Specifying Vivarium Uncertainty Parameters
------------------------------------------

The appropriate population size and number of draws may vary between simulations based on:

- **the degree of parameter uncertainty**: fewer draws may be more acceptable in situations with smaller degrees of parameter uncertainty
- **outcome of interest rarity**: greater population sizes may be needed for rare outcomes of interest
- **simulation computational intensity**: if simulation is run for many locations, scenarios, and/or years, there increasing population size and/or the number of draws will require more computational resources

Signs that population size may be too small:

- As outcomes are stratified by additional parameters of interest (age, year, etc.) estimates become unstable and "wiggle" around their V&V targets
- At the draw level, there are "bands" or "groupings" of outcomes (example: 0, 1, or 2 death counts averted by scenario across draws with a mean of 1.5. Would be preferable to have 15, 16, 13, 14, etc. deaths averted instead!)
- Ask the engineers to stratify the count data result by random seed so that you can make a `plot like the one in this notebook <https://github.com/ihmeuw/vivarium_research_iv_iron/blob/main/validation/maternal/child%20seeds%20and%20draws%20analysis.ipynb>`_ for a key outcome(s) of interest in your simulation (the most rare outcome of interest is likely the best to select!). If the results are really wiggly all the way to the end, then you likely need a larger population size. If the mean estimate and the width of the uncertainty interval do not change much after a certain point, then you may be able to decrease the population size. NOTE: stratifying count data results by random seed will cause the count data files to be really huge! It will require a lot of memory and time to load and transform. Consider making these plots just for a subset of draws included in the simulation rather than across all draws.

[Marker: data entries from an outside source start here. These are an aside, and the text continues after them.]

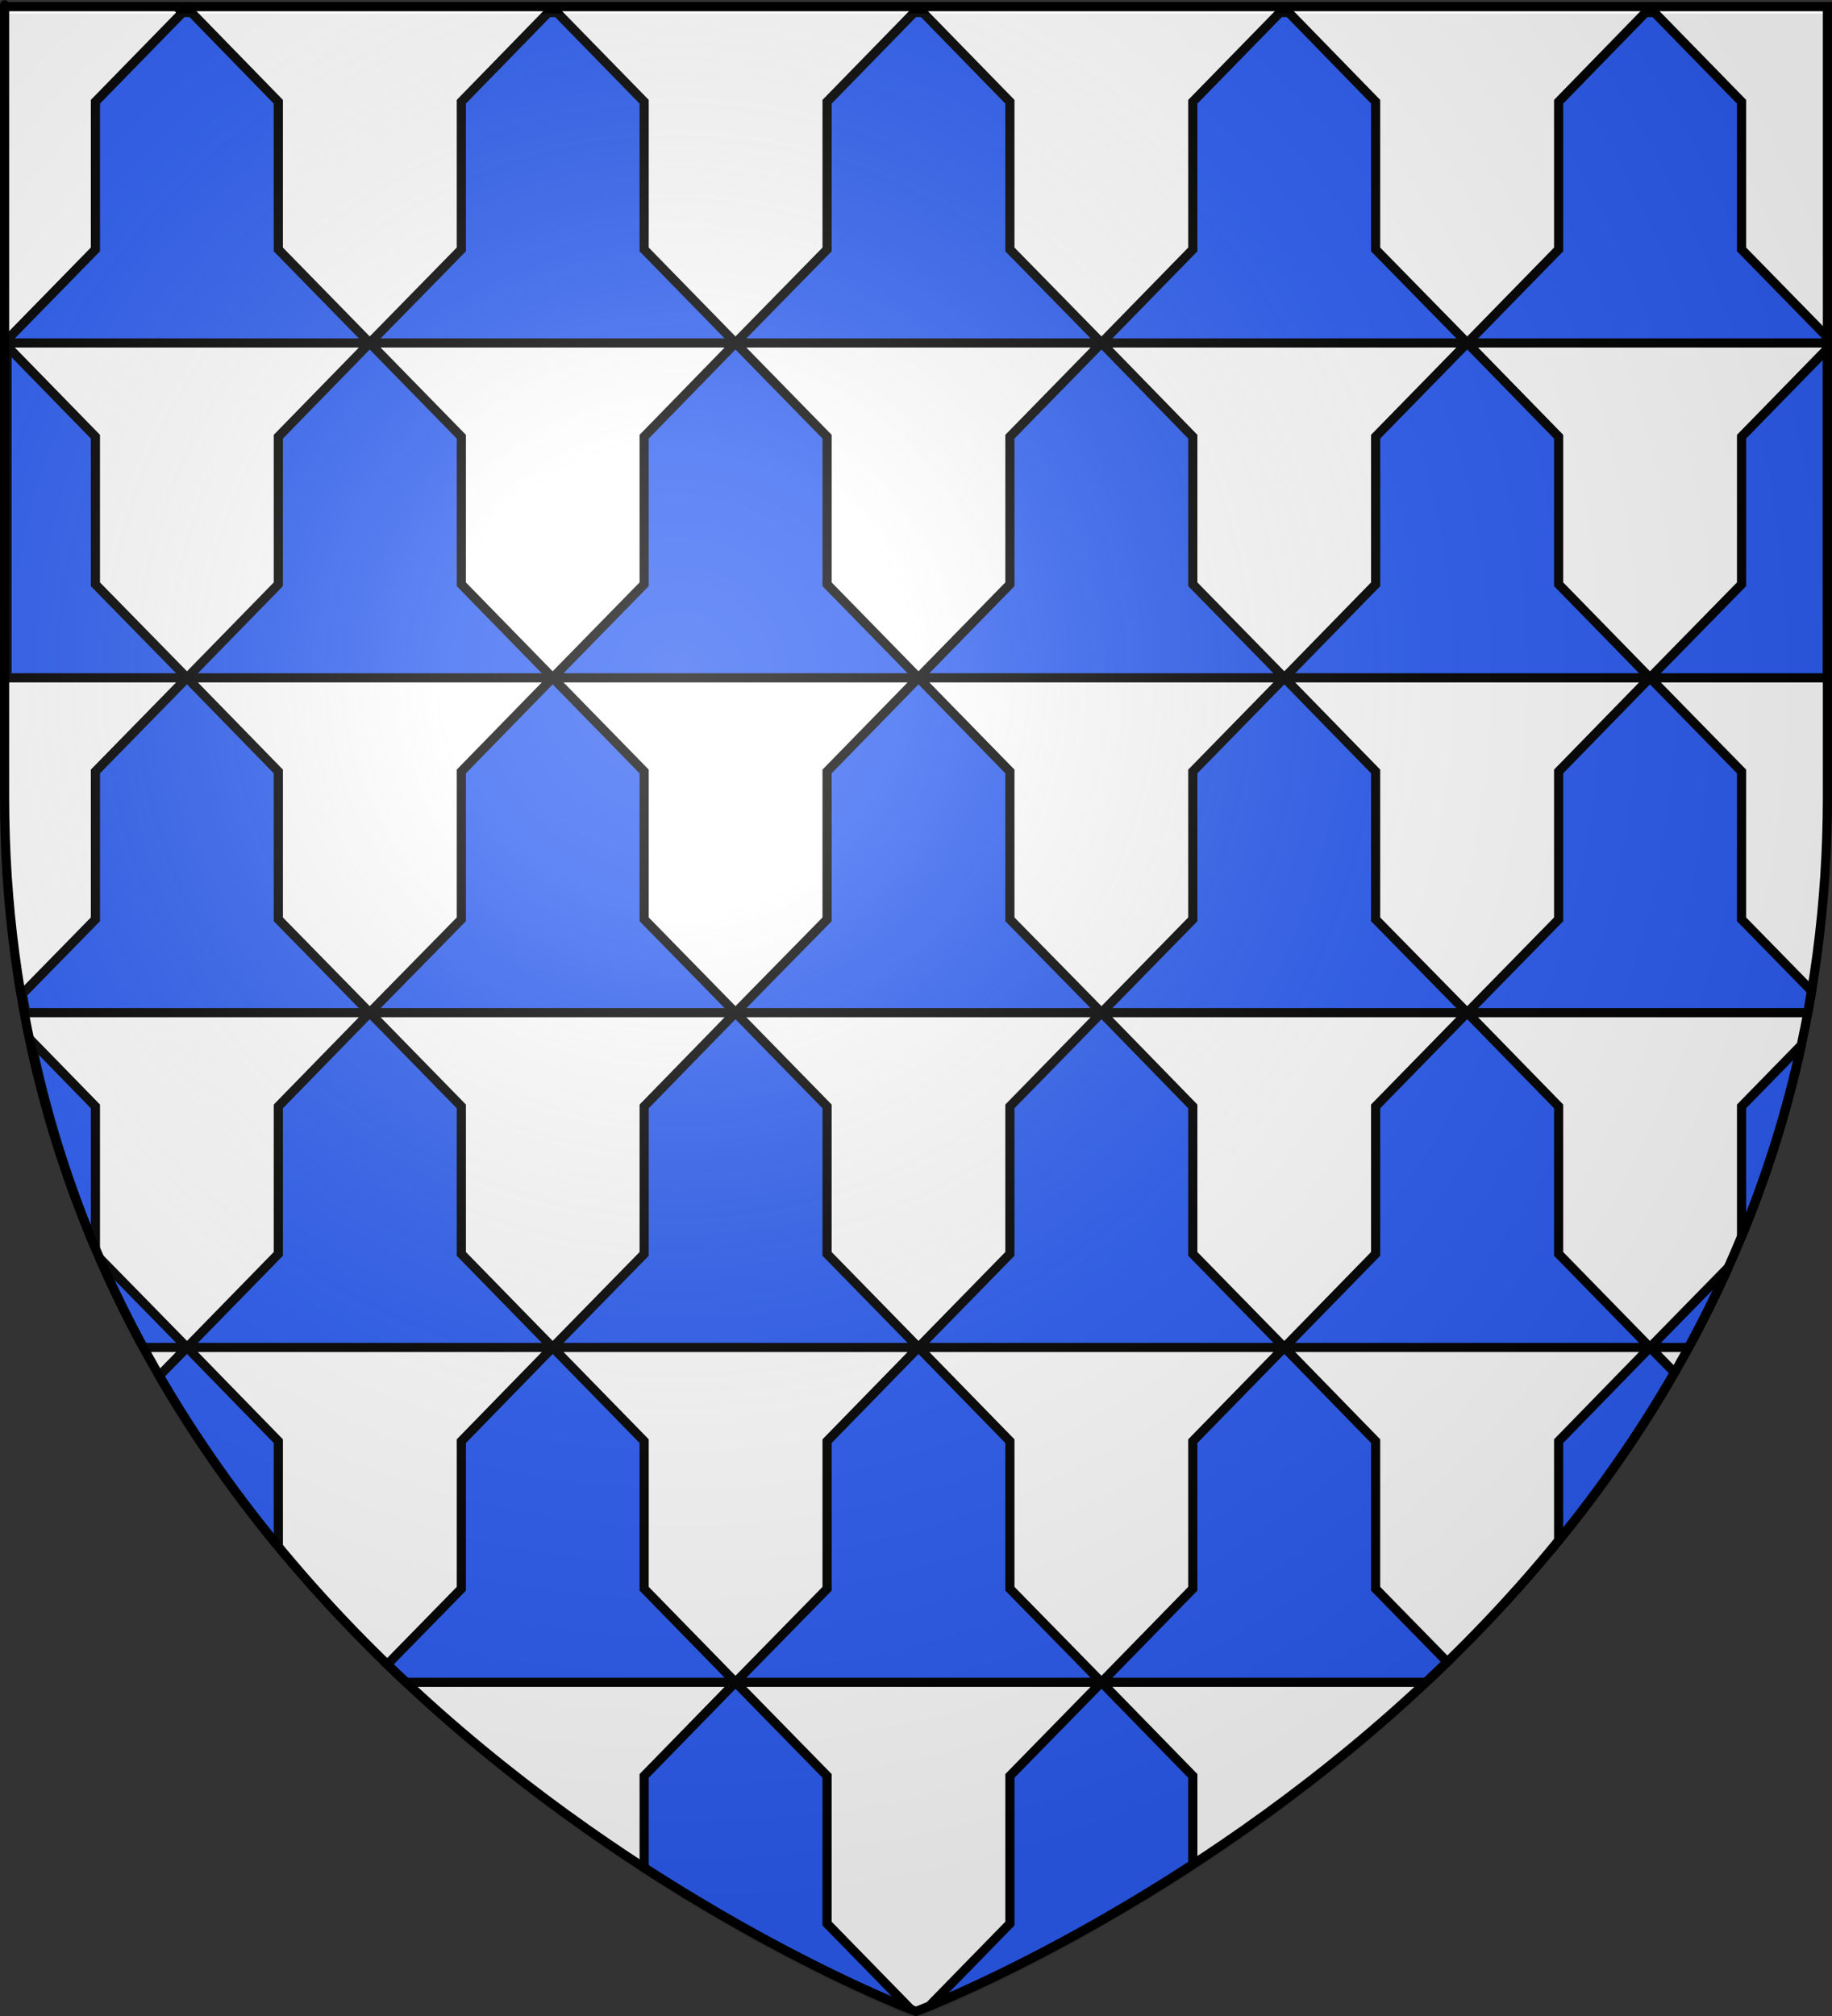 <?xml version="1.0" encoding="UTF-8" standalone="no"?>
<svg
   xmlns:dc="http://purl.org/dc/elements/1.1/"
   xmlns:cc="http://creativecommons.org/ns#"
   xmlns:rdf="http://www.w3.org/1999/02/22-rdf-syntax-ns#"
   xmlns:svg="http://www.w3.org/2000/svg"
   xmlns="http://www.w3.org/2000/svg"
   xmlns:xlink="http://www.w3.org/1999/xlink"
   xmlns:sodipodi="http://sodipodi.sourceforge.net/DTD/sodipodi-0.dtd"
   xmlns:inkscape="http://www.inkscape.org/namespaces/inkscape"
   height="660"
   width="600"
   version="1.0"
   id="svg2"
   sodipodi:version="0.32"
   inkscape:version="0.48.1 "
   sodipodi:docname="Blason_de_la_ville_de_Hellemmes_(59)_Nord-France.svg"
   inkscape:export-filename="/Users/olivier/Desktop/Blason Rouge/Blason_Vide_3D.png"
   inkscape:export-xdpi="144"
   inkscape:export-ydpi="144"
   inkscape:output_extension="org.inkscape.output.svg.inkscape">
  <rect width="100%" height="100%" fill="#333333" stroke="none"/>
  <sodipodi:namedview
     inkscape:window-height="712"
     inkscape:window-width="1024"
     inkscape:pageshadow="2"
     inkscape:pageopacity="0.0"
     guidetolerance="10.0"
     gridtolerance="10.0"
     objecttolerance="10.0"
     borderopacity="1.0"
     bordercolor="#666666"
     pagecolor="#ffffff"
     id="base"
     showgrid="false"
     height="660px"
     inkscape:zoom="0.77272727"
     inkscape:cx="300"
     inkscape:cy="330"
     inkscape:window-x="38"
     inkscape:window-y="89"
     inkscape:current-layer="layer4"
     inkscape:window-maximized="0" />
  <desc
     id="desc4">Flag of Canton of Valais (Wallis)</desc>
  <defs
     id="defs6">
    <linearGradient
       id="linearGradient2893">
      <stop
         style="stop-color:white;stop-opacity:0.314;"
         offset="0"
         id="stop2895" />
      <stop
         id="stop2897"
         offset="0.19"
         style="stop-color:white;stop-opacity:0.251;" />
      <stop
         style="stop-color:#6b6b6b;stop-opacity:0.125;"
         offset="0.6"
         id="stop2901" />
      <stop
         style="stop-color:black;stop-opacity:0.125;"
         offset="1"
         id="stop2899" />
    </linearGradient>
    <radialGradient
       inkscape:collect="always"
       xlink:href="#linearGradient2893"
       id="radialGradient3163"
       gradientUnits="userSpaceOnUse"
       gradientTransform="matrix(1.353, 0, 0, 1.349, -77.629, -83.502)"
       cx="221.445"
       cy="226.331"
       fx="221.445"
       fy="226.331"
       r="300" />
  </defs>
  <g
     inkscape:groupmode="layer"
     id="layer3"
     inkscape:label="Fond écu"
     style="display:inline"
     sodipodi:insensitive="true">
    <path
       sodipodi:nodetypes="cccccc"
       d="m 300,658.5 c 0,0 298.5,-112.436 298.5,-398.182 0,-285.746 0,-258.818 0,-258.818 L 1.5,1.5 1.5,260.318 C 1.5,546.064 300,658.5 300,658.5 z"
       style="fill:#ffffff;fill-opacity:1;fill-rule:evenodd;stroke:none;display:inline"
       id="path2855"
       inkscape:connector-curvature="0" />
  </g>
  <g
     inkscape:groupmode="layer"
     id="layer4"
     inkscape:label="Meubles"
     style="display:inline"
     sodipodi:insensitive="true">
    <g
       id="g2322"
       transform="translate(2.698,5.711)"
       style="display:inline">
      <g
         style="display:inline"
         inkscape:label="Fond écu"
         id="g2324">
        <path
           style="color:#000000;fill:#2b5df2;fill-opacity:1;fill-rule:nonzero;stroke:#000000;stroke-width:3;stroke-opacity:1;marker:none;visibility:visible;display:inline;overflow:visible"
           d="M 59.781,4.094 31.25,33.312 l 0,48.344 -28.938,29.594 0,1.031 118.781,0 -29.938,-30.625 0,-48.344 -28.469,-29.219 -2.906,0 z m 61.312,108.188 119.781,0 -29.906,-30.625 0,-48.344 -28.531,-29.219 -2.875,0 -28.469,29.219 0,48.344 -30,30.625 z m 0,0 -29.938,30.688 0,48.312 -29.906,30.625 119.75,0 -29.906,-30.625 0,-48.312 -30,-30.688 z M 181,221.906 l 119.812,0 -29.938,-30.625 0,-48.312 -30,-30.688 -29.906,30.688 0,48.312 L 181,221.906 z m 0,0 -29.906,30.656 0,48.406 -30,30.562 119.781,0 -29.906,-30.562 0,-48.406 L 181,221.906 z m 59.875,109.625 119.875,0 -30,-30.562 0,-48.406 -29.938,-30.656 -29.938,30.656 0,48.406 -30,30.562 z m 0,0 -29.906,30.688 0,48.281 L 181,441.125 l 119.812,0 -29.938,-30.625 0,-48.281 -30,-30.688 z m 59.938,109.594 119.812,0 -29.969,-30.625 0,-48.281 -29.906,-30.688 -30,30.688 0,48.281 -29.938,30.625 z m 0,0 -29.938,30.688 0,48.312 -30,30.625 119.875,0 -30,-30.625 0,-48.312 -29.938,-30.688 z m 59.938,109.625 106.25,0 c 2.335,-2.188 4.679,-4.396 7,-6.656 l -23.469,-23.969 0,-48.312 -29.906,-30.688 -29.969,30.688 0,48.312 L 360.75,550.75 z m 0,0 -30,30.656 0,48.344 -26.344,26.969 c 11.584,-4.78 45.363,-19.677 86.25,-46.344 l 0,-28.969 L 360.75,550.75 z m 59.875,-109.625 119.75,0 -29.906,-30.625 0,-48.281 -29.938,-30.688 -30,30.688 0,48.281 -29.906,30.625 z m 59.906,-109.594 -30,-30.562 0,-48.406 -29.906,-30.656 -29.969,30.656 0,48.406 -29.906,30.562 119.781,0 z m 0,0 111.531,0 c 0.439,-2.362 0.853,-4.734 1.25,-7.125 l -22.938,-23.438 0,-48.406 -30,-30.656 -29.906,30.656 0,48.406 -29.938,30.562 z m 59.844,-109.625 -29.906,-30.625 0,-48.312 -29.938,-30.688 -30,30.688 0,48.312 -29.906,30.625 119.75,0 z m 0,0 58.125,0 0,-107.75 -28.125,28.812 0,48.312 -30,30.625 z m -119.75,0 -29.969,-30.625 0,-48.312 -29.906,-30.688 -30,30.688 0,48.312 -29.938,30.625 119.812,0 z m -59.875,-109.625 -30,-30.625 0,-48.344 -28.5,-29.219 -2.875,0 -28.5,29.219 0,48.344 -30,30.625 119.875,0 z m 0,0 119.781,0 -30,-30.625 0,-48.344 -28.469,-29.219 -2.875,0 -28.531,29.219 0,48.344 -29.906,30.625 z m 119.781,0 117.969,0 0,-1.875 -28.125,-28.75 0,-48.344 -28.531,-29.219 -2.906,0 -28.469,29.219 0,48.344 -29.938,30.625 z M 540.375,441.125 l 12.656,0 C 557.624,432.682 561.969,423.959 566,414.969 L 540.375,441.125 z m 0,0 -29.906,30.688 0,32.531 c 13.692,-16.81 26.529,-35.13 37.969,-55 L 540.375,441.125 z m -299.5,109.625 -29.906,30.656 0,30.031 c 45.488,29.457 81.192,43.975 87.312,46.375 L 270.875,629.75 l 0,-48.344 -30,-30.656 z m 0,0 -29.906,-30.625 0,-48.312 L 181,441.125 l -29.906,30.688 0,48.312 -24.25,24.781 c 2.042,1.98 4.103,3.92 6.156,5.844 l 107.875,0 z M 181,441.125 151.094,410.5 l 0,-48.281 -30,-30.688 -29.938,30.688 0,48.281 -29.906,30.625 119.75,0 z m -119.75,0 -9.094,9.281 c 11.737,20.242 24.948,38.855 39,55.906 l 0,-34.5 L 61.25,441.125 z m 0,0 -28.594,-29.188 c 0.23,0.533 0.456,1.062 0.688,1.594 0.051,0.115 0.105,0.229 0.156,0.344 4.168,9.378 8.659,18.465 13.438,27.25 l 14.312,0 z m 59.844,-109.594 -29.938,-30.562 0,-48.406 -29.906,-30.656 -30,30.656 0,48.406 L 7.344,325.375 c 0.337,2.063 0.694,4.114 1.062,6.156 l 112.688,0 z M 61.25,221.906 l -30,-30.625 0,-48.312 -28.938,-29.656 0,108.594 58.938,0 z m -51.094,118.688 c 4.683,22.693 11.299,44.057 19.438,64.094 0.543,1.315 1.069,2.633 1.625,3.938 0.005,0.013 0.026,0.019 0.031,0.031 l 0,-46.438 -21.094,-21.625 z m 579.781,1.594 -19.562,20.031 0,42.562 c 8.093,-19.594 14.767,-40.44 19.562,-62.594 z"
           transform="translate(-2.698,-5.711)"
           id="rect2768"
           inkscape:connector-curvature="0" />
      </g>
      <g
         inkscape:label="Meubles"
         id="g2327">
        <g
           transform="translate(0,0.344)"
           id="g2282"
           inkscape:label="Meubles"
           style="fill:#e20909;fill-opacity:1;display:inline" />
      </g>
      <g
         inkscape:label="Reflet final"
         id="g2330" />
      <g
         inkscape:label="Contour final"
         id="g2332" />
    </g>
  </g>
  <g
     inkscape:groupmode="layer"
     id="layer2"
     inkscape:label="Reflet final"
     style="display:inline"
     sodipodi:insensitive="true">
    <path
       sodipodi:nodetypes="cccccc"
       d="m 300,660.745 c 0,0 298.5,-112.32 298.5,-397.772 0,-285.452 0,-258.552 0,-258.552 l -597,0 0,258.552 c 0,285.452 298.5,397.772 298.5,397.772 z"
       style="fill:url(#radialGradient3163);fill-opacity:1;fill-rule:evenodd;stroke:none"
       id="path2875"
       inkscape:export-xdpi="144"
       inkscape:export-ydpi="144"
       inkscape:connector-curvature="0" />
  </g>
  <g
     inkscape:groupmode="layer"
     id="layer1"
     inkscape:label="Contour final"
     sodipodi:insensitive="true">
    <path
       sodipodi:nodetypes="cccccc"
       d="m 300,658.5 c 0,0 -298.5,-112.32 -298.5,-397.772 0,-285.452 0,-258.552 0,-258.552 l 597,0 0,258.552 c 0,285.452 -298.5,397.772 -298.5,397.772 z"
       style="fill:none;stroke:#000000;stroke-width:3;stroke-linecap:butt;stroke-linejoin:miter;stroke-miterlimit:4;stroke-opacity:1;stroke-dasharray:none"
       id="path1411"
       inkscape:export-xdpi="144"
       inkscape:export-ydpi="144"
       inkscape:connector-curvature="0" />
  </g>
</svg>

Signs that the simulation has too few draws:

- Simulation outputs match V&V targets for subset of draws included in the simulation significantly better than they match all 1,000 draws 
- Create `a plot like the one in this notebook <https://github.com/ihmeuw/vivarium_research_iv_iron/blob/main/validation/maternal/child%20seeds%20and%20draws%20analysis.ipynb>`_ for key outcomes of interest. If the results are really wiggly all the way to the end, then you likely need more draws.

Some potentially reasonable starting points:

- 50 input draws
- 100,000 population size per draw

To reduce computational intensity throughout model development, it may be desirable to run with a smaller population size and/or smaller number of draws (say 25) throughout the iterative V&V process and then increase these parameters for final production runs.